College Baseball Recruit Defined

College Baseball Recruit Defined and Explained

The term ‘recruit’ gets thrown out there a lot, and everyone seems to have a slightly different definition for it. We continue to come across players that aren’t sure if they are considered a recruit. In these situations, the coach has shown a level of interest, but at what point is a player officially a college baseball recruit and what does that mean?

The NCAA considers a player to be recruited if any of the following things occur:

  • A college coach calls you more than once.
  • A coach contacts you off campus.
  • A college coach pays your expenses to visit the campus.
  • For Division I and Division II programs, you are issued a National Letter of Intent or a written offer of financial aid.

Understanding if you are being recruited can help you gauge a coach’s level of commitment to you. To assess this, it’s best to separate players into three different categories; recruited players on scholarship, recruited players not on scholarship, and walk on players.

Players on Scholarship

When a coach offers a player a scholarship, it is good for only one year. A scholarship is the closest thing to a guaranteed spot on the roster. If the player does not make the team, which is pretty rare, he would still receive the scholarship for the full academic year. Coaches have a limited amount of scholarship money to spread across thirty to forty players, so cutting a player on scholarship is something we typically don’t see. Coaches have a higher level of investment in players that they are financially committed to. Players can lose their scholarship money after the first year for a variety of reasons, but if you are currently on an athletic scholarship, you shouldn’t be concerned about your spot on the team.

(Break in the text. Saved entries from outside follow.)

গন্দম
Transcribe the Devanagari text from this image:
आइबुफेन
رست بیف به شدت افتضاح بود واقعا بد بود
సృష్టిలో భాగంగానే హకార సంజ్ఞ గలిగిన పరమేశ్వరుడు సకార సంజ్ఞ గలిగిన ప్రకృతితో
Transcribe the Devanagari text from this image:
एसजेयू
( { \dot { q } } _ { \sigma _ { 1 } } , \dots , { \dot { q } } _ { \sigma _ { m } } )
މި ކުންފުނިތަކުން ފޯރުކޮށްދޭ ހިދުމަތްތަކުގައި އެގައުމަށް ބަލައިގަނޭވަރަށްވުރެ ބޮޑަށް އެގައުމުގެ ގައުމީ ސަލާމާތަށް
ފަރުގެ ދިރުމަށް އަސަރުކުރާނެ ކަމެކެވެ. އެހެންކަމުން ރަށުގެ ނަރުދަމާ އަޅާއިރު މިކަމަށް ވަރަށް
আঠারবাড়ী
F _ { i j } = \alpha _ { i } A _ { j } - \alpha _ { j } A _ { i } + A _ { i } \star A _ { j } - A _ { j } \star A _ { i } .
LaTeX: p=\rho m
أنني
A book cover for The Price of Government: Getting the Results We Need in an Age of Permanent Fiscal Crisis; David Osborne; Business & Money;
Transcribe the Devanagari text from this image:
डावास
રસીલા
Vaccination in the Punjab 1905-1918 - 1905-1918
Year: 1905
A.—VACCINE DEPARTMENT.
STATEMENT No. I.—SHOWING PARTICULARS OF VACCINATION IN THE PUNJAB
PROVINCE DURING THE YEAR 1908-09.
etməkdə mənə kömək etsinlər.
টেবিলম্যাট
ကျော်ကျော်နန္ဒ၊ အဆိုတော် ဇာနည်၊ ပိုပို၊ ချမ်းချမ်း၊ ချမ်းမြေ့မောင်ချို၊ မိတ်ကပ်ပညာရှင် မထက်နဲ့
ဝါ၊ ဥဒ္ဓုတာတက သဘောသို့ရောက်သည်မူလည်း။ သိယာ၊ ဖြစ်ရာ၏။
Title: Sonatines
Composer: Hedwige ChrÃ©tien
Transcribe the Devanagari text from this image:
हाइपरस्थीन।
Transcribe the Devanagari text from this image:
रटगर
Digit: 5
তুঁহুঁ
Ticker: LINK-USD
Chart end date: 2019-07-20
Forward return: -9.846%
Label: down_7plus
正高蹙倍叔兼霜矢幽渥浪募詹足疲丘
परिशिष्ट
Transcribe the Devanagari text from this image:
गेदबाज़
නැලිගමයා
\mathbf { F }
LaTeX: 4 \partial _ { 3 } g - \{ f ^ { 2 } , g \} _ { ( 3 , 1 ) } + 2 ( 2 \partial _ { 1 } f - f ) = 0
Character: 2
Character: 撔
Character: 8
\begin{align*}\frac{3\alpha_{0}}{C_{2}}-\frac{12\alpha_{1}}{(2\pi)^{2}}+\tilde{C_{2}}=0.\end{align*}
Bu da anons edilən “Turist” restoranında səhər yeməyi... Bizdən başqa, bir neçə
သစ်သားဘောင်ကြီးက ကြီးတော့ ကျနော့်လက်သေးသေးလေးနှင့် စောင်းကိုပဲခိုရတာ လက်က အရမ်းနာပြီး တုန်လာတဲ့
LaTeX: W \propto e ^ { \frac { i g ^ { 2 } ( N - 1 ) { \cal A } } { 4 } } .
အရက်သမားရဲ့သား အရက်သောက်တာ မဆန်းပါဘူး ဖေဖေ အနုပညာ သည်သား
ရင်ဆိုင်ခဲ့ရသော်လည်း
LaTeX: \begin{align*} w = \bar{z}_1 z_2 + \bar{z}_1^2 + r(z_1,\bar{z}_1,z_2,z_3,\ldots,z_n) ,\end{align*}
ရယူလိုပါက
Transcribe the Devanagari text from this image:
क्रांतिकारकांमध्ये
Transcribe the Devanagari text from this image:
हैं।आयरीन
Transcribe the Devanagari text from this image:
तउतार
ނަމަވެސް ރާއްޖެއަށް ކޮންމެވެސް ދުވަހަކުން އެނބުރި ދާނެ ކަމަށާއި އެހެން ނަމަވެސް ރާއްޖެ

College Baseball Recruit not on Scholarship

Generally speaking, coaches also have a high level of commitment to their recruited players, even if they are not on scholarship. These are the players that the coach has shown clear interest in, and in some cases persuaded them to play for their program. While recruited players don’t always pan out long term, it’s pretty rare that a recruited player would not make the team their freshman year. Additionally, a pattern of recruited players getting cut could also result in a bad reputation for a program. If the word gets out that recruited players frequently don’t have a roster spot, prospective college baseball players might tend to avoid that program. This would make recruiting much more challenging. There are programs that have a bad reputation, so you need to be aware of this throughout your college baseball search.

Walk On’s

Lastly, coaches don’t have any level of commitment to walk on players. These are players that are simply taking a shot that they can demonstrate their talent throughout the tryout process. Some of the best underdog stories come from walk on players who made the team and have success throughout their college and professional careers. Having said this, more often than not, walk on’s get cut, and their hopes of playing college athletics end there. We’re certainly not discouraging players from trying out for a college baseball team. It’s actually a commendable thing to do. Just go into it knowing that the coach has a higher level of commitment to some other players that have been recruited and are receiving scholarship money.

To wrap things up, knowing if you are a college baseball recruit is pretty important. It can help you better understand a coach’s level of commitment to you, which will enable you to set realistic expectations as you start your college baseball journey. For a player on scholarship, it’s fair to assume that there is a roster spot waiting for you. If you fall in the other two categories, it can become a little more uncertain. The best advice that we can give is to keep an open line of communication with the coaching staff to understand their level of commitment to you.